Research Scientist for Gemini UI Control, DeepMind

Google
Mountain View, CA, USA / Kirkland, WA, USA / New York, NY, USA

About the job

As a Research Scientist, you'll setup large-scale tests and deploy promising ideas quickly and broadly, managing deadlines and deliverables while applying the latest theories to develop new and improved products, processes, or technologies. From creating experiments and prototyping implementations to designing new architectures, our research scientists work on real-world problems that span the breadth of computer science, such as machine (and deep) learning, data mining, natural language processing, hardware and software performance analysis, improving compilers for mobile platforms, as well as core search and much more. As a Research Scientist, you'll also actively contribute to the wider research community by sharing and publishing your findings, with ideas inspired by internal projects as well as from collaborations with research programs at partner universities and technical institutes all over the world.

Responsibilities

Make core contributions to Gemini that advance what digital agents can do and are deployable into production.

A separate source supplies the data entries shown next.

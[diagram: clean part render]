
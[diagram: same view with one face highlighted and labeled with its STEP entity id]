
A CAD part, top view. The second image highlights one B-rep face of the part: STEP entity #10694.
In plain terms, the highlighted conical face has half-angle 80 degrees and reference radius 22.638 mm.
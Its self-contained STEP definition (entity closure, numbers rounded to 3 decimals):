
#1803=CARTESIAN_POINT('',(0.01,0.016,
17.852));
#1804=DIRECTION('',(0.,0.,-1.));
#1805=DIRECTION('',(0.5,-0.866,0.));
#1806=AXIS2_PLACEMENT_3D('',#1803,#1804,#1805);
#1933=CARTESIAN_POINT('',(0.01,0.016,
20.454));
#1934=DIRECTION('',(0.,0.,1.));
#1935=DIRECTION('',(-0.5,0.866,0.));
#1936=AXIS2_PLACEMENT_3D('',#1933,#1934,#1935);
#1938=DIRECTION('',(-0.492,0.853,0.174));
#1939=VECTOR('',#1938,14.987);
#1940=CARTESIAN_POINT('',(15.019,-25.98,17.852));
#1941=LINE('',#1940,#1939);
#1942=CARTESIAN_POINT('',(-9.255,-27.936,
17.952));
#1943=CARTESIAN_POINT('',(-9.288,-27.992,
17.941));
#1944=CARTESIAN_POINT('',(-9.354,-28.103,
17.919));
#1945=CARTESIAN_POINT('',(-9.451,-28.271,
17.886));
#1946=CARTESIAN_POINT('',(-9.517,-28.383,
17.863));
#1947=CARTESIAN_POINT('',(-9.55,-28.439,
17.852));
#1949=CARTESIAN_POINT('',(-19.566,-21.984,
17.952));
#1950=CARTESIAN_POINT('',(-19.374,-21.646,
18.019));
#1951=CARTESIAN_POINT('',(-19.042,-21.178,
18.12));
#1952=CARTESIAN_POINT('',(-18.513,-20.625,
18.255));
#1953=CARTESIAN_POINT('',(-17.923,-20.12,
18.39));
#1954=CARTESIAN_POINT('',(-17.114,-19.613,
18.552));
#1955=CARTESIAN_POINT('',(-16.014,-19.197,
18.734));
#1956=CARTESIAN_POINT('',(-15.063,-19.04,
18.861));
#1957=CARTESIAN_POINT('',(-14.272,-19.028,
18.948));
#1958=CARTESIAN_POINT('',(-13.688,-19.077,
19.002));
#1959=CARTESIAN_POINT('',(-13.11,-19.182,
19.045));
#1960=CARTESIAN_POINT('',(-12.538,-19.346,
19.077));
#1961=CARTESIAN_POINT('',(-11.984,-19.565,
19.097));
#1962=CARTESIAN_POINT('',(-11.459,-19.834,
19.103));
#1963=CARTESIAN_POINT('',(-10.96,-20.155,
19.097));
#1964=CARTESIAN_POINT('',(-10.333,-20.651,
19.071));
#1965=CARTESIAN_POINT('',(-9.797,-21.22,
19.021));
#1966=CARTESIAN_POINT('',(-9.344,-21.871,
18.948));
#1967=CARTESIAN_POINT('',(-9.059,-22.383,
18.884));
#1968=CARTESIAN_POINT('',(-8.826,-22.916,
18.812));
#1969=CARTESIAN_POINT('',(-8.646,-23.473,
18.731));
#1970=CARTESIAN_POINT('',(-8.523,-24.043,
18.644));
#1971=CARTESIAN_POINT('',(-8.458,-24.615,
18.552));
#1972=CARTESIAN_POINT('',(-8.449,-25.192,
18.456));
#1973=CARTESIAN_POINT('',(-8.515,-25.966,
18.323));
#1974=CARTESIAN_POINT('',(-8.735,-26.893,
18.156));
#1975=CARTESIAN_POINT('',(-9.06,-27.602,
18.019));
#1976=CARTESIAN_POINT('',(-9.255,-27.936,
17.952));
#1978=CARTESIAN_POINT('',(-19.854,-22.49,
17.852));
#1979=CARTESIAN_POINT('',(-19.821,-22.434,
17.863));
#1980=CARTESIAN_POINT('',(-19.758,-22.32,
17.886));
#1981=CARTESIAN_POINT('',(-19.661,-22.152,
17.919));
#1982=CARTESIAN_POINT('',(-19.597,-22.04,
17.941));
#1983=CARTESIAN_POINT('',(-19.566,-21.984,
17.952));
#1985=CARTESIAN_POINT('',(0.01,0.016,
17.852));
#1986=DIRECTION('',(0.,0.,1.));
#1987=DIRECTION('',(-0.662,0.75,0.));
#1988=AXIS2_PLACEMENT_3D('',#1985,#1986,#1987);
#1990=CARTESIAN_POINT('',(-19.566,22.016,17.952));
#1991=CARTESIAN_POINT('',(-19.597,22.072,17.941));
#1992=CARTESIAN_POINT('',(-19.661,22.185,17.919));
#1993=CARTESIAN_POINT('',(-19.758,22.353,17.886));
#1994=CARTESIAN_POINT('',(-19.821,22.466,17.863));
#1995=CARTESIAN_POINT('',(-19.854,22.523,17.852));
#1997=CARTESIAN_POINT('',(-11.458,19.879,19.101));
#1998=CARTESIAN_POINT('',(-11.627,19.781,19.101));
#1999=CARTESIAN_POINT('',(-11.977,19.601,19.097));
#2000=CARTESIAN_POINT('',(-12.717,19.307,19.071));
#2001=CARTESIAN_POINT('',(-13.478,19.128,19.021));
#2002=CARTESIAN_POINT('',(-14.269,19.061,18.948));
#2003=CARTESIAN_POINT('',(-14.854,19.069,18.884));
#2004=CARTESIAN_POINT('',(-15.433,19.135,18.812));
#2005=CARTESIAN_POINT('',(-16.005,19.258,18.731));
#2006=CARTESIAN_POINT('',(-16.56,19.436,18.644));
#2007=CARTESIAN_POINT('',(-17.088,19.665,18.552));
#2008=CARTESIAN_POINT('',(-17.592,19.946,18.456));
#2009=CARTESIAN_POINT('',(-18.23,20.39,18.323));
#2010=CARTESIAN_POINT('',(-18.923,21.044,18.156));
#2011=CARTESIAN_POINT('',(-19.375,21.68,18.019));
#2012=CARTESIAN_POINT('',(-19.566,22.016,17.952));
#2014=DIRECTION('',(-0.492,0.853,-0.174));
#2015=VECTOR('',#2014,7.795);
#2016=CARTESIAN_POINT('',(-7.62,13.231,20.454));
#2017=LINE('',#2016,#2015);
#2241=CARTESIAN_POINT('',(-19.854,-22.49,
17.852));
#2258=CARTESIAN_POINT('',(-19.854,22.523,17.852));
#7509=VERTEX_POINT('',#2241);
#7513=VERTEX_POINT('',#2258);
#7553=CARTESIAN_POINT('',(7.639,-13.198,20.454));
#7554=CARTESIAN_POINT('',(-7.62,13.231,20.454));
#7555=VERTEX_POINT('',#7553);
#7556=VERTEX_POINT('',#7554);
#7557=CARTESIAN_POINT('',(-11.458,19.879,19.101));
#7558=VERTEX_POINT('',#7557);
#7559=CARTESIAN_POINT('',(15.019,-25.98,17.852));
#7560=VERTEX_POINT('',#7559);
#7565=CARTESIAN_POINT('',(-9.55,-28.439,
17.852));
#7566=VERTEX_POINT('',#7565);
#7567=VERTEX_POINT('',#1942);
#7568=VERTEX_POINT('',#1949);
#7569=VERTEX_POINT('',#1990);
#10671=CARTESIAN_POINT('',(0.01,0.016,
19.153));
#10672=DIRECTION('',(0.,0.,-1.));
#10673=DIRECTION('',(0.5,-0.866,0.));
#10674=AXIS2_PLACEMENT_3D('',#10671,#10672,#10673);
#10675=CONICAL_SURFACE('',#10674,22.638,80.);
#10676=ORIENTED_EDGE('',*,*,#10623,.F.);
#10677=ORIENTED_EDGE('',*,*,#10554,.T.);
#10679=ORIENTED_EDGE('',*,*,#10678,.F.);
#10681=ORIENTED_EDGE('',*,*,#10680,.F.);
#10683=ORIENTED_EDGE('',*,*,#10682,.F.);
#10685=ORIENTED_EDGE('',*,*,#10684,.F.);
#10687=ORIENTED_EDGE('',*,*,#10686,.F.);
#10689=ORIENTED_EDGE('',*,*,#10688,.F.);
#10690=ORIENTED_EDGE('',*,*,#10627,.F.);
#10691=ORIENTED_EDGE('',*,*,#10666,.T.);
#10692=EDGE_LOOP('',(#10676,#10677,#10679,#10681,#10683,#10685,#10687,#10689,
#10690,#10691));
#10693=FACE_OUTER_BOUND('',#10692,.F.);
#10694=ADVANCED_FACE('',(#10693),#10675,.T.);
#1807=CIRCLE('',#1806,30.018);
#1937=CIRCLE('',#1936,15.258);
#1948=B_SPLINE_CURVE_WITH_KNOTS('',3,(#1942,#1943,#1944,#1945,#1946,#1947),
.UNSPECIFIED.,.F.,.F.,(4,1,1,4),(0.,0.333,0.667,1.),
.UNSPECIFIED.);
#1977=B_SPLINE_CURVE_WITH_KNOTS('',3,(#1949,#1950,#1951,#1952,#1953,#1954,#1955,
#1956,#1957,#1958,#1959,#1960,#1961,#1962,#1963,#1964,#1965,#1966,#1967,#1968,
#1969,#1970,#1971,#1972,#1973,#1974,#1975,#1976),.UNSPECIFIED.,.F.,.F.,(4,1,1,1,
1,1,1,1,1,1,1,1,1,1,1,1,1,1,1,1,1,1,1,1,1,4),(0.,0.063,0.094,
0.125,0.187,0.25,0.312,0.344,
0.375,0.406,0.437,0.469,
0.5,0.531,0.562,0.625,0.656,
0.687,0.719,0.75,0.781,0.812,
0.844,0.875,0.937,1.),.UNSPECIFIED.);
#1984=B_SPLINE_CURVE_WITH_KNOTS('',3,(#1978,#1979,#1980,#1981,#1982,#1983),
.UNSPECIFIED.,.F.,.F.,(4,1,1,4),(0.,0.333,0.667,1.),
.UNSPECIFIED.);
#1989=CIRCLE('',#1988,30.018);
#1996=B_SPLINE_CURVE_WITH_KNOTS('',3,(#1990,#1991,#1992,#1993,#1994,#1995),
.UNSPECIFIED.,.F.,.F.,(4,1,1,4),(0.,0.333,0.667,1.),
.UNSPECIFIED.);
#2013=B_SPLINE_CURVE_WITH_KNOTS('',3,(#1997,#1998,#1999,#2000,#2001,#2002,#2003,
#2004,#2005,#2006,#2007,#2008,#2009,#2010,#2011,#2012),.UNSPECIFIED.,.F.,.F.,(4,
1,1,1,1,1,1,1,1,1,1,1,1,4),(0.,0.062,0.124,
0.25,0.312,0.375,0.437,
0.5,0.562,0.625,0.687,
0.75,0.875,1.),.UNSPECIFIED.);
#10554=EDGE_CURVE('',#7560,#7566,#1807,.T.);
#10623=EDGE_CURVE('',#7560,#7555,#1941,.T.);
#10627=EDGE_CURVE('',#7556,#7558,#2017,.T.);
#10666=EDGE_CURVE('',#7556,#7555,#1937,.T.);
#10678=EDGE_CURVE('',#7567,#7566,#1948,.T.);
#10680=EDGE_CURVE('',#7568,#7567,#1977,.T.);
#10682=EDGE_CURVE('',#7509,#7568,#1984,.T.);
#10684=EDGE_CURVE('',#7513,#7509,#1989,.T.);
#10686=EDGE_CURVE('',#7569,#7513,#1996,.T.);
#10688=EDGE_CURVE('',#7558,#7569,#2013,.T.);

Identify model areas of improvement.

Train and evaluate UI Control agents across various digital environments.

Focus on multi-step reinforcement learning in multimodal, digital environments.

Qualifications

Minimum

PhD degree in Computer Science, a related field, or equivalent practical experience.

2 years of experience designing, training, and evaluating machine learning models.

Experience in Generative AI (Large Language Models, Multi-Modal, Large Vision Models).

Experience collaborating with cross-functional teams and communicating project updates to stakeholders.

Experience in building, scaling, and training/fine-tuning AI models and systems.

Experience with reinforcement learning.

Preferred

Ability to adapt, be proactive, and take ownership.

Ability to grow in a fast growing, fast paced environment delivering accuracy while managing deadlines where adaptability is imperative.